Investing.com - The yen weakened in Asia on Wednesday despite data showing as steady rise in wages.
USD/JPY traded at 113.65, up 0.04%, while AUD/USD changed hands at 0.8746, up 0.11%.
In Japan, September total average cash earnings data showed a 0.8% gain in September, a seventh straight gain.
China's HSBC October services PMI came in at 52.9 in October, down from 53.5 in September.
In Australia the AiG services index for October fell 1.8 points to 43.6, signaling weak sales and new orders heading into Christmas.
In New Zealand, the unemployment rate held steady at 5.4% as expected in the third quarter. with employment up 0.8%
At 1130 (0230 GMT), Bank of Japan Governor Haruhiko Kuroda is due to give a speech at a seminar hosted by Kyodo News in Tokyo.
Overnight, less-than-stellar U.S. reports on factory orders and the country's trade balance weakened the dollar against most major currencies, ending several session of strong gains fueled by diverging global monetary policies.
U.S. factory orders fell for a second consecutive month in September, dampening optimism over the pace of U.S. recovery, official data revealed earlier.
The U.S. Census Bureau reported earlier that factory orders declined by 0.6% in September, in line with market expectations though still a decline nonetheless.
The August figure was revised to a 10% contraction from an initial 10.1% decline.
The numbers gave investors room to sell the greenback for profits, wiping out gains stemming from divergent monetary policies coupled with upbeat U.S. manufacturing, consumer sentiment and economic growth reports.
Elsewhere in the U.S., the Bureau of Economic Analysis said the country's trade deficit widened to $43.03 billion in September from $39.99 billion in August, whose figure was revised from a previously reported deficit of $40.1 billion.

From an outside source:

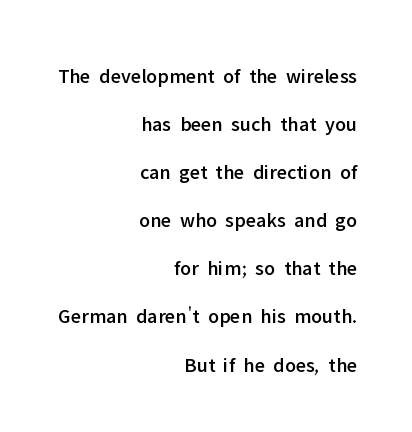
The image shows 21 px text type, upright; set right-aligned, loose line spacing (2.29x), normal letter spacing, not underlined.

Analysts had expected the U.S. trade gap to widen to $40.0 billion in September.
The single currency held well into positive territory despite downward revisions made to the continent's growth forecasts.
The European Commission cut its forecast for euro zone economic growth to 0.8% this year from a 1.2% forecast made in the spring, while the 2015 growth forecast dipped to 1.1% from 1.7%.
The commission added it expects euro area inflation to remain below the European Central Bank's target of close to but just below 2% until after 2016 at the earliest and warned that unemployment levels will remain at their current high levels for longer than previously expected.
The US dollar index, which tracks the performance of the greenback versus a basket of six other major currencies, was down 0.05% at 87.13.
On Wednesday, expect the dollar to move on U.S. service-sector data.